• Exercise objective:
What you return should match the material below line for line, except that no image appears in it.

• Given data:
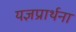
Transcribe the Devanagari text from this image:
यज्ञप्रार्थना
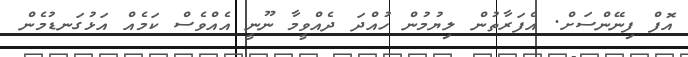
އޮފް ފިނޭންސަށް. އެފަރާތުން ލިޔުމުން ހުއްދަ ދެއްވީމާ ނޫނީ އެއްވެސް ކަމެއް އަޅުގަނޑުމެން
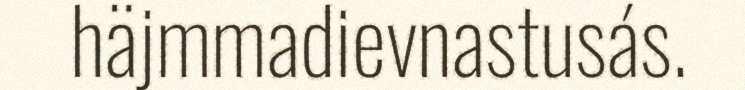
häjmmadievnastusás.
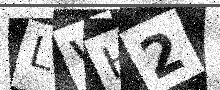
Text: LWH2
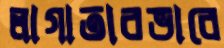
লাগাতারভাবে
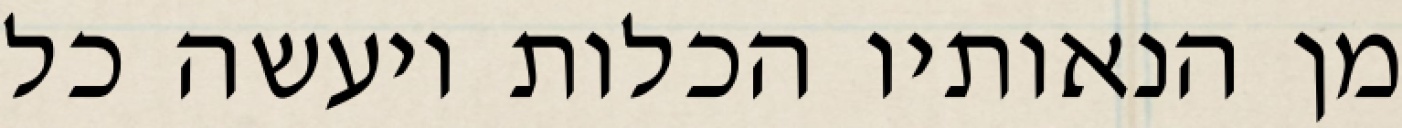
מן הנאותיו הכלות ויעשה כל
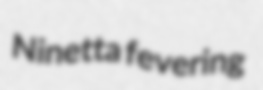
Ninetta fevering
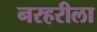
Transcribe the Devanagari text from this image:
नरहरीला
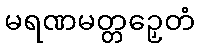
မရဏမတ္တဉှေတံ
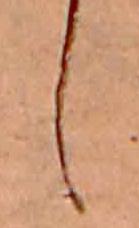
し
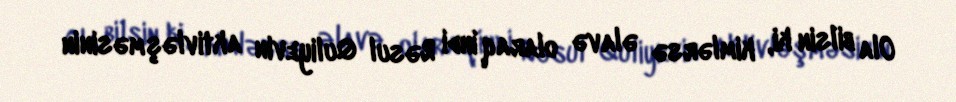
Ola bilsin ki, kimlərsə əlavə olaraq indi Rəsul Quliyevin aktivləşməsinin
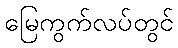
မြေကွက်လပ်တွင်
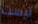
ليست
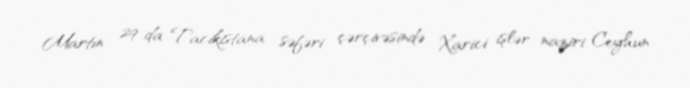
Martın 29-da Tacikistana səfəri çərçivəsində Xarici işlər naziri Ceyhun
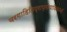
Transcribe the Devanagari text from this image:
वरगाहितिप्राप्तोपाधिकानॉ
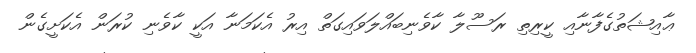
ޢާއިޝަތުގެފާނާއި ކީރިތި ރަސޫލާ ކާވެނިބައްލަވައިގަތް އިރު އެކަމަނާ އަކީ ކާވެނި ކުރަން އެކަށީގެން
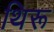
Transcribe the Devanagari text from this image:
थिरू
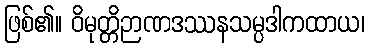
ဖြစ်၏။ ဝိမုတ္တိဉာဏဒဿနသမ္ပဒါကထာယ၊
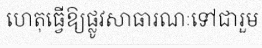
ហេតុធ្វើឱ្យផ្លូវសាធារណៈទៅជារួម
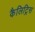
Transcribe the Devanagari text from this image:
कैलिट्रिस
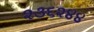
૨૩૬૨૪૪
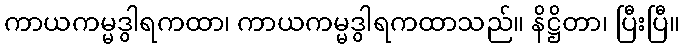
ကာယကမ္မဒွါရကထာ၊ ကာယကမ္မဒွါရကထာသည်။ နိဋ္ဌိတာ၊ ပြီးပြီ။
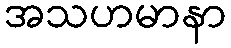
အသဟမာနာ
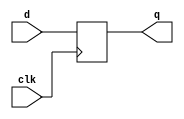
// This program was cloned from: https://github.com/Yvan-xy/verilog-doc
// License: GNU General Public License v2.0

module top_module (
    input clk,    // Clocks are used in sequential circuits
    input d,
    output reg q );//

    // Use a clocked always block
    //   copy d to q at every positive edge of clk
    //   Clocked always blocks should use non-blocking assignments
    always @(posedge clk) begin
        q = d;
    end

endmodule
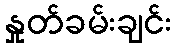
နှုတ်ခမ်းချင်း
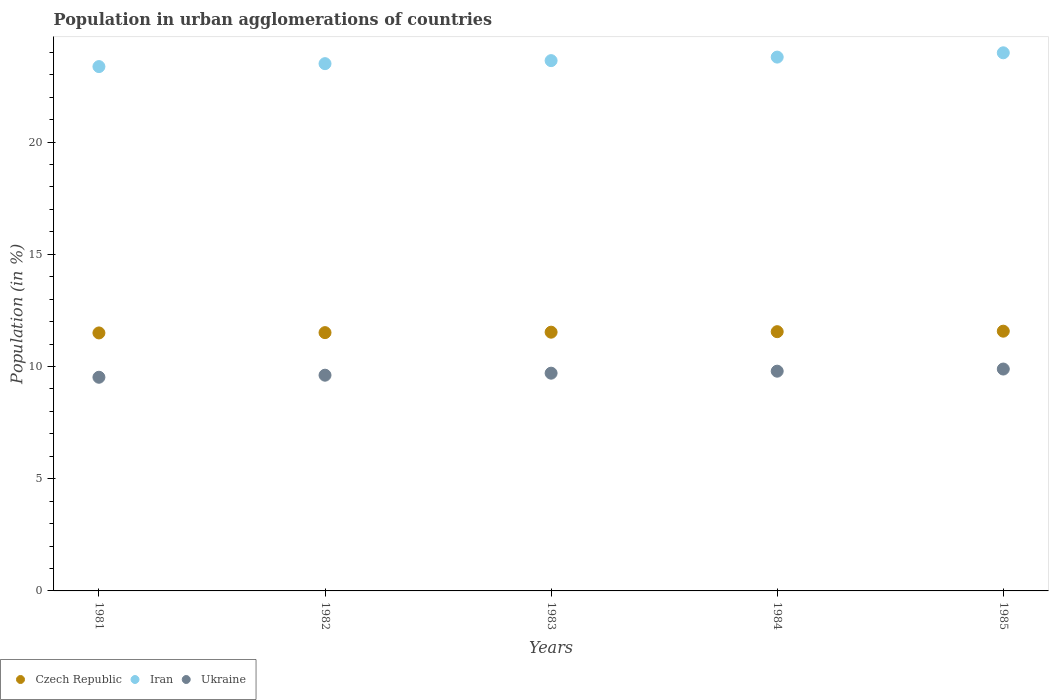
| Years | Czech Republic | Iran | Ukraine |
 | --- | --- | --- | --- |
 | 1981 | 11.5 | 23.4 | 9.52 |
 | 1982 | 11.5 | 23.5 | 9.61 |
 | 1983 | 11.5 | 23.6 | 9.7 |
 | 1984 | 11.6 | 23.8 | 9.79 |
 | 1985 | 11.6 | 24 | 9.89 |
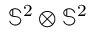
\mathbb { S } ^ { 2 } \otimes \mathbb { S } ^ { 2 }
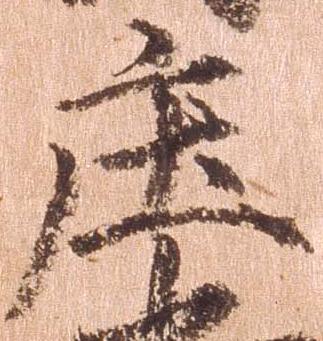
庄
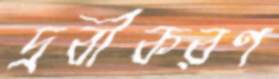
দ্রবীকরণ
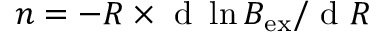
n = - R \times \mathrm { ~ d ~ } \ln B _ { \mathrm { e x } } / \mathrm { ~ d ~ } R
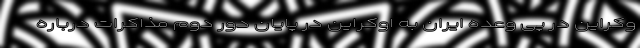
وکراین در پی وعده ایران به اوکراین در پایان دور دوم مذاکرات درباره
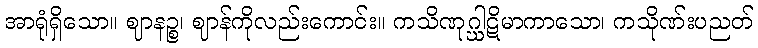
အာရုံရှိသော။ ဈာနဉ္စ၊ ဈာန်ကိုလည်းကောင်း။ ကသိဏုဂ္ဃါဋိမာကာသော၊ ကသိုဏ်းပညတ်
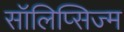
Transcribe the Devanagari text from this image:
सॉलिप्सिज्म
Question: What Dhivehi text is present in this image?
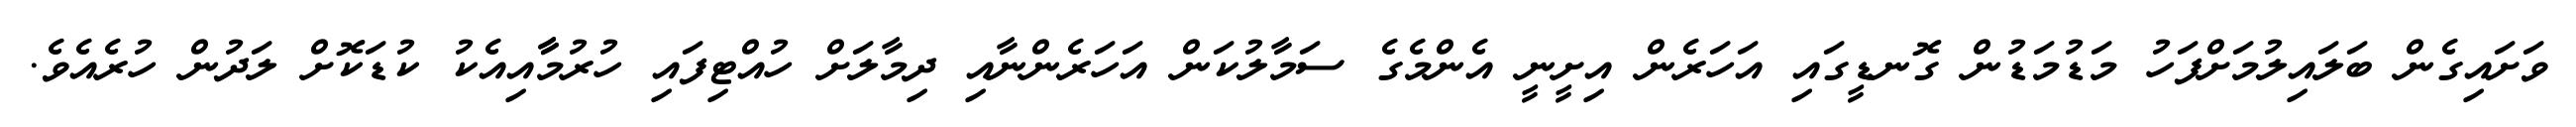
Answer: ވަށައިގެން ބަލައިލުމަށްފަހު މަޑުމަޑުން ގޮނޑީގައި އަހަރެން އިށީނީ އެންމެގެ ސަމާލުކަން އަހަރެންނާއި ދިމާލަށް ހުއްޓިފައި ހުރުމާާއިއެކު ކުޑަކޮށް ލަދުން ހުރެއެވެ.
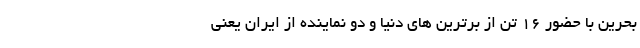
بحرین با حضور 16 تن از برترین های دنیا و دو نماینده از ایران یعنی
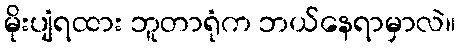
မိုးပျံရထား ဘူတာရုံက ဘယ်နေရာမှာလဲ။
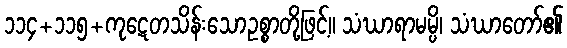
၁၁၄+၁၁၅+ကုဋေတသိန်းသောဥစ္စာတို့ဖြင့်။ သံဃာရာမမ္ပိ၊ သံဃာတော်၏
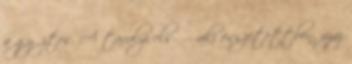
a győztes. A tavalyi első – aki összetettben, azaz
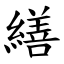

• Exercise response:
Transcribe the Devanagari text from this image:
यज्ञप्रार्थना
އޮފް ފިނޭންސަށް. އެފަރާތުން ލިޔުމުން ހުއްދަ ދެއްވީމާ ނޫނީ އެއްވެސް ކަމެއް އަޅުގަނޑުމެން
häjmmadievnastusás.
Text: LWH2
লাগাতারভাবে
מן הנאותיו הכלות ויעשה כל
Ninetta fevering
Transcribe the Devanagari text from this image:
नरहरीला
မရဏမတ္တဉှေတံ
し
Ola bilsin ki, kimlərsə əlavə olaraq indi Rəsul Quliyevin aktivləşməsinin
မြေကွက်လပ်တွင်
ليست
Martın 29-da Tacikistana səfəri çərçivəsində Xarici işlər naziri Ceyhun
Transcribe the Devanagari text from this image:
वरगाहितिप्राप्तोपाधिकानॉ
ޢާއިޝަތުގެފާނާއި ކީރިތި ރަސޫލާ ކާވެނިބައްލަވައިގަތް އިރު އެކަމަނާ އަކީ ކާވެނި ކުރަން އެކަށީގެން
Transcribe the Devanagari text from this image:
थिरू
ဖြစ်၏။ ဝိမုတ္တိဉာဏဒဿနသမ္ပဒါကထာယ၊
ហេតុធ្វើឱ្យផ្លូវសាធារណៈទៅជារួម
Transcribe the Devanagari text from this image:
कैलिट्रिस
૨૩૬૨૪૪
ကာယကမ္မဒွါရကထာ၊ ကာယကမ္မဒွါရကထာသည်။ နိဋ္ဌိတာ၊ ပြီးပြီ။
အသဟမာနာ
// This program was cloned from: https://github.com/Yvan-xy/verilog-doc
// License: GNU General Public License v2.0

module top_module (
    input clk,    // Clocks are used in sequential circuits
    input d,
    output reg q );//

    // Use a clocked always block
    //   copy d to q at every positive edge of clk
    //   Clocked always blocks should use non-blocking assignments
    always @(posedge clk) begin
        q = d;
    end

endmodule
နှုတ်ခမ်းချင်း
| Years | Czech Republic | Iran | Ukraine |
 | --- | --- | --- | --- |
 | 1981 | 11.5 | 23.4 | 9.52 |
 | 1982 | 11.5 | 23.5 | 9.61 |
 | 1983 | 11.5 | 23.6 | 9.7 |
 | 1984 | 11.6 | 23.8 | 9.79 |
 | 1985 | 11.6 | 24 | 9.89 |
\mathbb { S } ^ { 2 } \otimes \mathbb { S } ^ { 2 }
庄
দ্রবীকরণ
n = - R \times \mathrm { ~ d ~ } \ln B _ { \mathrm { e x } } / \mathrm { ~ d ~ } R
وکراین در پی وعده ایران به اوکراین در پایان دور دوم مذاکرات درباره
အာရုံရှိသော။ ဈာနဉ္စ၊ ဈာန်ကိုလည်းကောင်း။ ကသိဏုဂ္ဃါဋိမာကာသော၊ ကသိုဏ်းပညတ်
Transcribe the Devanagari text from this image:
सॉलिप्सिज्म
Question: What Dhivehi text is present in this image?
Answer: ވަށައިގެން ބަލައިލުމަށްފަހު މަޑުމަޑުން ގޮނޑީގައި އަހަރެން އިށީނީ އެންމެގެ ސަމާލުކަން އަހަރެންނާއި ދިމާލަށް ހުއްޓިފައި ހުރުމާާއިއެކު ކުޑަކޮށް ލަދުން ހުރެއެވެ.
بحرین با حضور 16 تن از برترین های دنیا و دو نماینده از ایران یعنی
မိုးပျံရထား ဘူတာရုံက ဘယ်နေရာမှာလဲ။
၁၁၄+၁၁၅+ကုဋေတသိန်းသောဥစ္စာတို့ဖြင့်။ သံဃာရာမမ္ပိ၊ သံဃာတော်၏
a győztes. A tavalyi első – aki összetettben, azaz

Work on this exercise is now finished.